Hence, in deep learning, it is much more costly in terms of memory to train a neural network, where we have to use backpropagation, compared to just computing the output of the network without backprop.

## Autodiff in practice

So far, we have coded by hand automatic differentiation; this is of course highly impractical. Thnakfully, any modern deep learning framework like Pytorch or Jax has an automatic differentiation engine, which means that they can compute JVP / VJP/ gradients using only the code of the function that you provide. What happens under the hood is exactly what we have coded above; but it is hidden to the user. 

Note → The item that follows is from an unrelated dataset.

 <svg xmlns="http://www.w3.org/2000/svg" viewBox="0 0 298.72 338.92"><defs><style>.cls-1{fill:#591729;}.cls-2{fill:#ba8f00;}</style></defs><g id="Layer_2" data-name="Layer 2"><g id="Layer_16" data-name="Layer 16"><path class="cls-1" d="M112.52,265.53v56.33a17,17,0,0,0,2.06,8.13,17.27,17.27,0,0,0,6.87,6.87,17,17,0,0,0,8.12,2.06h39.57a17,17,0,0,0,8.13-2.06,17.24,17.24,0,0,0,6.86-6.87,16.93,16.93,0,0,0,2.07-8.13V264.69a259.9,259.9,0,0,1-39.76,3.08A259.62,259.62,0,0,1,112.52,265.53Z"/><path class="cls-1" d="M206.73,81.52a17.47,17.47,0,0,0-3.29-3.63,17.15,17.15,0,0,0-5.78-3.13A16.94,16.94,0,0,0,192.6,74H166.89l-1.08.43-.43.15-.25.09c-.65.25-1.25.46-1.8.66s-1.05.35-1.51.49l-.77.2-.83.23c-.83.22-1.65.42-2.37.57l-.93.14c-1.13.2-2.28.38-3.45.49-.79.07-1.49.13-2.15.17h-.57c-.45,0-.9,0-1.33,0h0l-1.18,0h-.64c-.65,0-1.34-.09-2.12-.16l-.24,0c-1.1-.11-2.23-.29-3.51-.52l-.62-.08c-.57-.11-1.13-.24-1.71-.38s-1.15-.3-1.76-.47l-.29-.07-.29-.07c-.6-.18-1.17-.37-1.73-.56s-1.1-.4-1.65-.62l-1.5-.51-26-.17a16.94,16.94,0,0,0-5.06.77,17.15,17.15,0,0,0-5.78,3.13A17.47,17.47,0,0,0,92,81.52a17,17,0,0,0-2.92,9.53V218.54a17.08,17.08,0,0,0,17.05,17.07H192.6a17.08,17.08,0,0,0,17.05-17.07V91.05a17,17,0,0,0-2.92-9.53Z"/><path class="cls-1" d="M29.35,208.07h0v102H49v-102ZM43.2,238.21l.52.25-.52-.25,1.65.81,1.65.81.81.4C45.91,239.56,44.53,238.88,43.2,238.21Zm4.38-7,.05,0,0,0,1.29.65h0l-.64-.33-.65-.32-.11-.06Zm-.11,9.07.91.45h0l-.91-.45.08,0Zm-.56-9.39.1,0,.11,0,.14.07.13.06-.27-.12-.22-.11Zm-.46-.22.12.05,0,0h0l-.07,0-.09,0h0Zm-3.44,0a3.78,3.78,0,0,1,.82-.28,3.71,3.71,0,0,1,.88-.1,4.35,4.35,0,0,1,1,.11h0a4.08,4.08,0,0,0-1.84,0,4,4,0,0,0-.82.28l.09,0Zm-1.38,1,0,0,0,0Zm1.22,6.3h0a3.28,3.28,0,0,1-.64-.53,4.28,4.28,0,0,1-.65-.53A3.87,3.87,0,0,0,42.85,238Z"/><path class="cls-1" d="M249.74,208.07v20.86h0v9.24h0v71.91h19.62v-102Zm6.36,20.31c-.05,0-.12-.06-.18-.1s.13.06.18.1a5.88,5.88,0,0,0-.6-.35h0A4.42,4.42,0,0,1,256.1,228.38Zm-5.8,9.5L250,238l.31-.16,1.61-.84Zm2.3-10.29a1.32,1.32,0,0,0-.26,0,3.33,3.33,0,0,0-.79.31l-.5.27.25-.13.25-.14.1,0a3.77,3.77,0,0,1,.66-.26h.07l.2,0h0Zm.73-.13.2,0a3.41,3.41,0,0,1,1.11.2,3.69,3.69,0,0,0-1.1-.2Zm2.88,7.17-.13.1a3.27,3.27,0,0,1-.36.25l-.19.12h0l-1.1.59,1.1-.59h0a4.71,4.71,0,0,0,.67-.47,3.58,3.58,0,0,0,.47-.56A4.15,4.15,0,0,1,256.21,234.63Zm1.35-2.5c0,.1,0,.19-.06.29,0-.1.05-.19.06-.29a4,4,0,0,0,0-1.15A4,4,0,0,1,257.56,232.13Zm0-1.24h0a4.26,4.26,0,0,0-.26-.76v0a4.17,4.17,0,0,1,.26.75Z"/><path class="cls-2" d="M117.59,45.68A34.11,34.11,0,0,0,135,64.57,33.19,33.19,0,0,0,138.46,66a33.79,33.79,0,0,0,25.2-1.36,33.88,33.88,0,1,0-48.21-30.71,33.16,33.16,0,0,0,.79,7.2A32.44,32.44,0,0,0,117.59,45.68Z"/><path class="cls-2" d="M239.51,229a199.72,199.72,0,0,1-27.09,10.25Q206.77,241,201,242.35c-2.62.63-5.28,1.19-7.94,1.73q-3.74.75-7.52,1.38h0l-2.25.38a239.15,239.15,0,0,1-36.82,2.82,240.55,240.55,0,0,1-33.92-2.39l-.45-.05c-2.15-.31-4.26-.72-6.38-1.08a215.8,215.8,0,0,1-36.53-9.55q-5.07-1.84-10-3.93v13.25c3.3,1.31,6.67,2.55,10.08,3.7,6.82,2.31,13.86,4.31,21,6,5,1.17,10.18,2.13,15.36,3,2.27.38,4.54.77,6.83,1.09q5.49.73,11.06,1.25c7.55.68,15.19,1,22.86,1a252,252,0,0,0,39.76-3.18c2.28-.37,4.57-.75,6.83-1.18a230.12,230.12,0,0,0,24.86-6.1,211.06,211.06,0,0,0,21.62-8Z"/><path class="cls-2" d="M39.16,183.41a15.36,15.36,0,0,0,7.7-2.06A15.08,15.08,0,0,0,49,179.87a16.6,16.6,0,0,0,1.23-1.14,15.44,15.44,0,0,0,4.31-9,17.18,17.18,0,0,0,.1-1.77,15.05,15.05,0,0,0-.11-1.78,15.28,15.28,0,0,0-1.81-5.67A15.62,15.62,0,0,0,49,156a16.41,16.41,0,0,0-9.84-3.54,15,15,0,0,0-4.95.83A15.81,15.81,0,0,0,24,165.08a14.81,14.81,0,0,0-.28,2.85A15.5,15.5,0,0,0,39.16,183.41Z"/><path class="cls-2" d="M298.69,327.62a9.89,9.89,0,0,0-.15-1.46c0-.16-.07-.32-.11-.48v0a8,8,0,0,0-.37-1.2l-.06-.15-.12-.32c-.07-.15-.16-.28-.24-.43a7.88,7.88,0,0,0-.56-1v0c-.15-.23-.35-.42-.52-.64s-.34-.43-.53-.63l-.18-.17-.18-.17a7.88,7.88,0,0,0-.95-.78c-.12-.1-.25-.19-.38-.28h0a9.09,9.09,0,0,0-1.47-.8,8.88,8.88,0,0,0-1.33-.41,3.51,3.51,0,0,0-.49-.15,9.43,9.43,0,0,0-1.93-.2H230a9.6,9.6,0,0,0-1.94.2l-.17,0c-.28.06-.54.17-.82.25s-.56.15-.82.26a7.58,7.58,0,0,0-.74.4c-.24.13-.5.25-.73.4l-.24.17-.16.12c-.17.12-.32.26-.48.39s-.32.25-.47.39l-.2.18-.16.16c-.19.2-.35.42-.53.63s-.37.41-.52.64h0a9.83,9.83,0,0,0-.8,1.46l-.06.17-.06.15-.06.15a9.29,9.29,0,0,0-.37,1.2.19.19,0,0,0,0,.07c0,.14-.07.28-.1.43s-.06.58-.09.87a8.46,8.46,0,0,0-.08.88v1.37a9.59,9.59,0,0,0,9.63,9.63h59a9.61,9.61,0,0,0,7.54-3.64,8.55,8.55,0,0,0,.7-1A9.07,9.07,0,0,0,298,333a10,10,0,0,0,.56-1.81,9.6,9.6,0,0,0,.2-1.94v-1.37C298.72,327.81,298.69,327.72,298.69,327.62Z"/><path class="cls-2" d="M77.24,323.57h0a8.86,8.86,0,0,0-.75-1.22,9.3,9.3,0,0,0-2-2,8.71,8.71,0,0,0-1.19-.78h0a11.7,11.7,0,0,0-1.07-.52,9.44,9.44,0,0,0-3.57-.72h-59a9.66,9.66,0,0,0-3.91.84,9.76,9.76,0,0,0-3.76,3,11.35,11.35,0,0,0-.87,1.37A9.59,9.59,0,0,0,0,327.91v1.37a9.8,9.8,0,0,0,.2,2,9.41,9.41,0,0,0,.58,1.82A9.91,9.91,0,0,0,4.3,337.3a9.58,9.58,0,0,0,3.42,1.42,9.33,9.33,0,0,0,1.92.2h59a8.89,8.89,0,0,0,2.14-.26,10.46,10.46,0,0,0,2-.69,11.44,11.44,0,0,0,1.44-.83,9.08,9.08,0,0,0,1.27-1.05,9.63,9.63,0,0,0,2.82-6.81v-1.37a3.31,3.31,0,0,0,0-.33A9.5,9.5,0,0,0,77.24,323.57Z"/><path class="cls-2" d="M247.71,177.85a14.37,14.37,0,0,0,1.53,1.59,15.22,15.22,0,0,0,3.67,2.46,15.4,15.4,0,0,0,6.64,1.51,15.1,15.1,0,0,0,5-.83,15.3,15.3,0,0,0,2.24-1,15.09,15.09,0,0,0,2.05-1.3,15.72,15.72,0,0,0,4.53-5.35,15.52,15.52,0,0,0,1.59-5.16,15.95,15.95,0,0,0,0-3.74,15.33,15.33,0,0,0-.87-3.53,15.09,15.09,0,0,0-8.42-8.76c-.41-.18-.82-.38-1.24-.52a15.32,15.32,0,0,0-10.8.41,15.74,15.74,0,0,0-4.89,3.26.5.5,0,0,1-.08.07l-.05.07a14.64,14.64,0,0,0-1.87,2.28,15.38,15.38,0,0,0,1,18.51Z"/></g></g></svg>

We will demonstrate it using Jax.

Jax has a syntax really close to numpy

In [77]:
import jax
import jax.numpy as jnp

In [78]:
d = 3
x = jnp.array([1., 2., -1.])
A = jnp.array([[0., 2., -1.], [3., 1.5, 2.]])

def func(x):
    # x is a 3-dimensional array
    y = x ** 2
    z = jnp.sin(y)  # need to put jnp instead of np
    t = A @ z
    return y + z, t

func(x)

(Array([1.841471 , 3.2431974, 1.841471 ], dtype=float32),
 Array([-2.3550758,  3.0721512], dtype=float32))

To compute the JVP of the function, simply use `jax.jvp`:

In [79]:
v = np.array([1., 3., 4.])

jax.jvp(func, (x,), (v,))[1]  # the first component is just func(x)

(Array([  3.0806046,   4.1562767, -12.322418 ], dtype=float32),
 Array([-11.365028, -17.168608], dtype=float32))

This should match what we have done above:

In [80]:
jvp(x, v)

(Array([  3.0806046,   4.1562767, -12.322418 ], dtype=float32),
 Array([-11.365028, -17.168608], dtype=float32))

Let us focus on computing gradients in Jax.

In [81]:
p = 2
n = 4
q = 3

x = np.random.randn(p)
B = np.random.randn(n, p)
A = np.random.randn(q, n)

two_layers(x, B, A)

def loss(x, B, A):
    z = two_layers(x, B, A)
    return jnp.sum(z ** 2)

The `jax.grad` function does this exactly. By default, it differentiates only with respect to the first parameter, but we can tell it to differentiate with respect to specific arguments using the `argnum` option:

In [82]:
grad = jax.grad(loss, argnums=[0, 1, 2])  #

`grad` is now a function, that computes the gradient.

In [83]:
grad(x, B, A)

(Array([-126.91913,  -75.35017], dtype=float32),
 Array([[ 36.090748 ,   3.246026 ],
        [ 69.692474 ,   6.2681875],
        [ 22.129803 ,   1.9903693],
        [-49.829563 ,  -4.481704 ]], dtype=float32),
 Array([[102.664856  ,  86.8243    ,   4.415657  ,  20.893446  ],
        [-10.290272  ,  -8.702547  ,  -0.44258875,  -2.0941854 ],
        [ 83.49165   ,  70.609406  ,   3.5910094 ,  16.991484  ]],      dtype=float32))

Therefore, automatic differentiation is already implemented in Jax!